Top of DATA UNDER STUDY

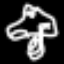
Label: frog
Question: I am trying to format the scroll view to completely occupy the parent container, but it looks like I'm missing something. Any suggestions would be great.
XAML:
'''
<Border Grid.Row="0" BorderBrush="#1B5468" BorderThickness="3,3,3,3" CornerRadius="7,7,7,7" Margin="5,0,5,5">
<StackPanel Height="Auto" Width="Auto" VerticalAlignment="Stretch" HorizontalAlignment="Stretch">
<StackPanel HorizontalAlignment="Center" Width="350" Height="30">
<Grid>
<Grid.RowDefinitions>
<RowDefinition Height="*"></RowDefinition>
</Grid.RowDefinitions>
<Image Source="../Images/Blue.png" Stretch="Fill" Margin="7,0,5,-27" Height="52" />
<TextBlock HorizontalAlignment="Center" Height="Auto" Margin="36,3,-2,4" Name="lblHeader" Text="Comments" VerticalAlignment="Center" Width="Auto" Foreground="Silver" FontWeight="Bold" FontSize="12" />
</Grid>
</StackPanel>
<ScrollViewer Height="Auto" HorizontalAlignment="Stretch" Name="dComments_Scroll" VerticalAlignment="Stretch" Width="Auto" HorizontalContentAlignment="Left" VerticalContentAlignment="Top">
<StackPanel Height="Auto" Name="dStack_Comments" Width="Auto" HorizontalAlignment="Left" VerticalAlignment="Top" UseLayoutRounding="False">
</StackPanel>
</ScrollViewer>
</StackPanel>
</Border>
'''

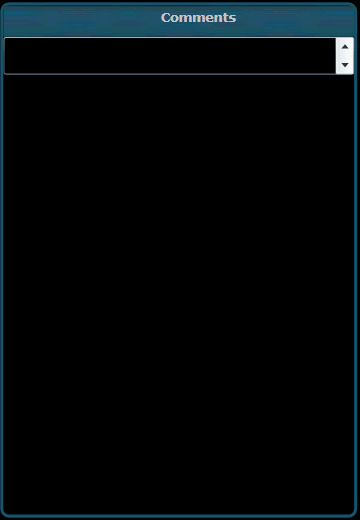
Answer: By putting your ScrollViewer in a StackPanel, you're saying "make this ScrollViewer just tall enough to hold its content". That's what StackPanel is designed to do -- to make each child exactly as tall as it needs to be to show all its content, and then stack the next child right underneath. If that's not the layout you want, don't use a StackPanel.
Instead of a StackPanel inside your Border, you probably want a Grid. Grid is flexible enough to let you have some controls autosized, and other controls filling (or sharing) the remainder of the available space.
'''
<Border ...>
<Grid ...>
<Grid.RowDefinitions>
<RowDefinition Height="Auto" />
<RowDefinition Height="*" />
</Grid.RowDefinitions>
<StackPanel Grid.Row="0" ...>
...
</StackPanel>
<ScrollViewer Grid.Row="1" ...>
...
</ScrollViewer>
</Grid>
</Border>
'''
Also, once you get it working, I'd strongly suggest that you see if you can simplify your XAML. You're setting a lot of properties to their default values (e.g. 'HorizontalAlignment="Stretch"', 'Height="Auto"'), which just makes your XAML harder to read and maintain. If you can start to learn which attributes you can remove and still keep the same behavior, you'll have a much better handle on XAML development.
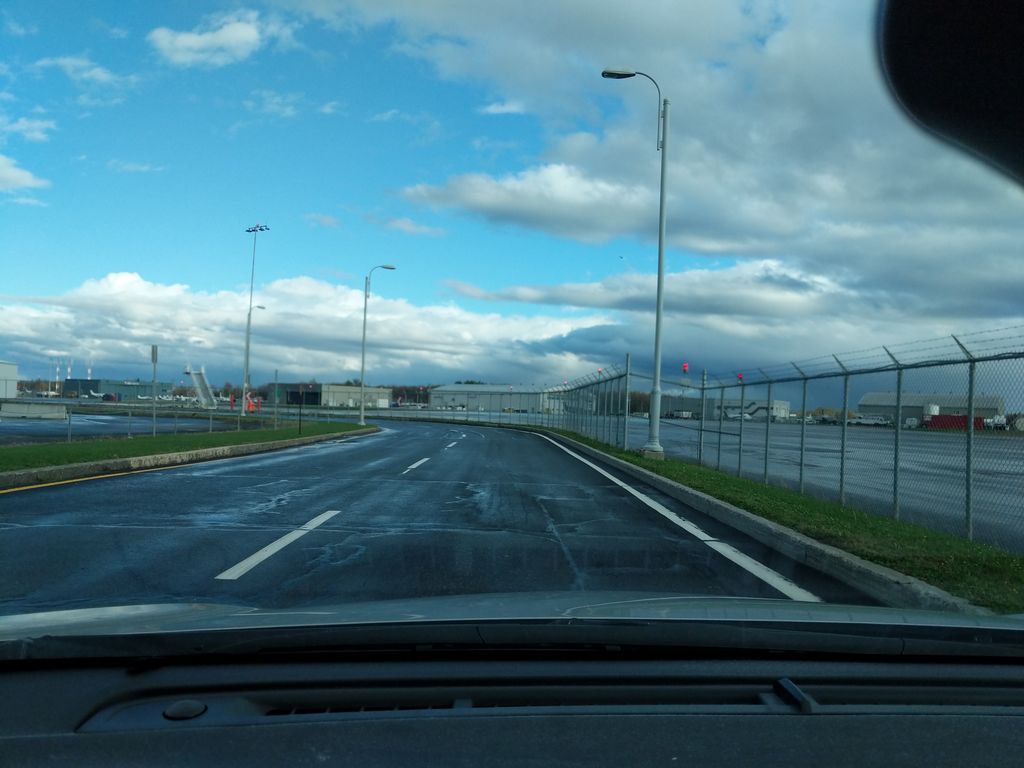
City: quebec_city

Bottom of DATA UNDER STUDY
Top of DATA UNDER STUDY

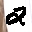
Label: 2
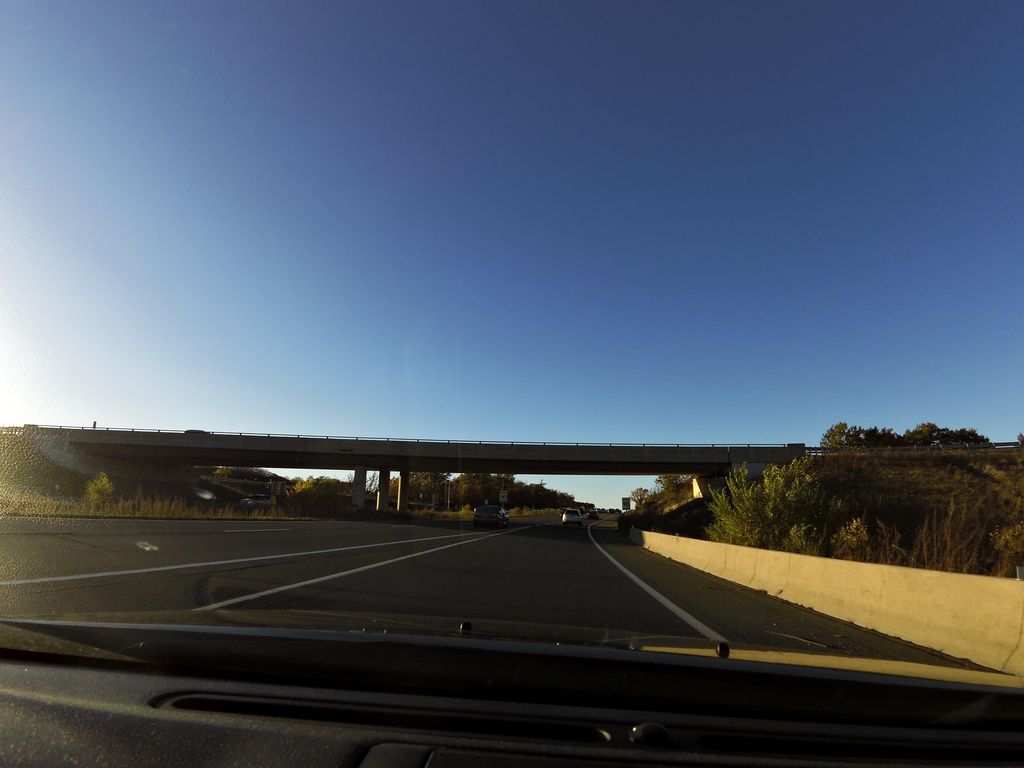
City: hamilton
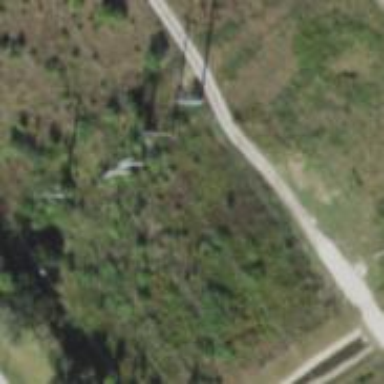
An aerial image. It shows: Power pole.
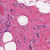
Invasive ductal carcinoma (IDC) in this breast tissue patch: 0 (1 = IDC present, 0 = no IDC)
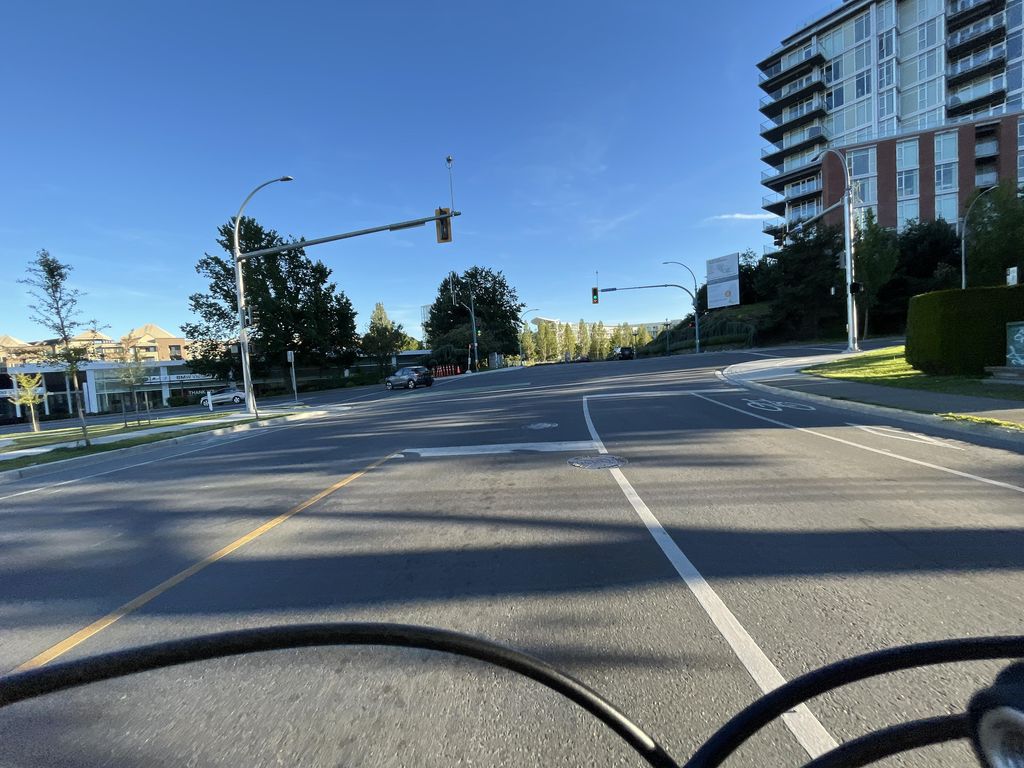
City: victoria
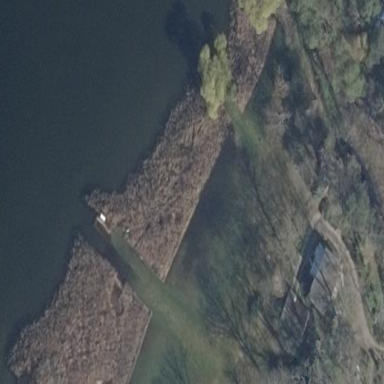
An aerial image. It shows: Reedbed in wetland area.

Bottom of DATA UNDER STUDY

◆ **ACTION ITEM**:
Return every line of the listing above where "shows" appears.

◆ **SOLUTION TO THIS TASK**:
An aerial image. It shows: Power pole.
An aerial image. It shows: Reedbed in wetland area.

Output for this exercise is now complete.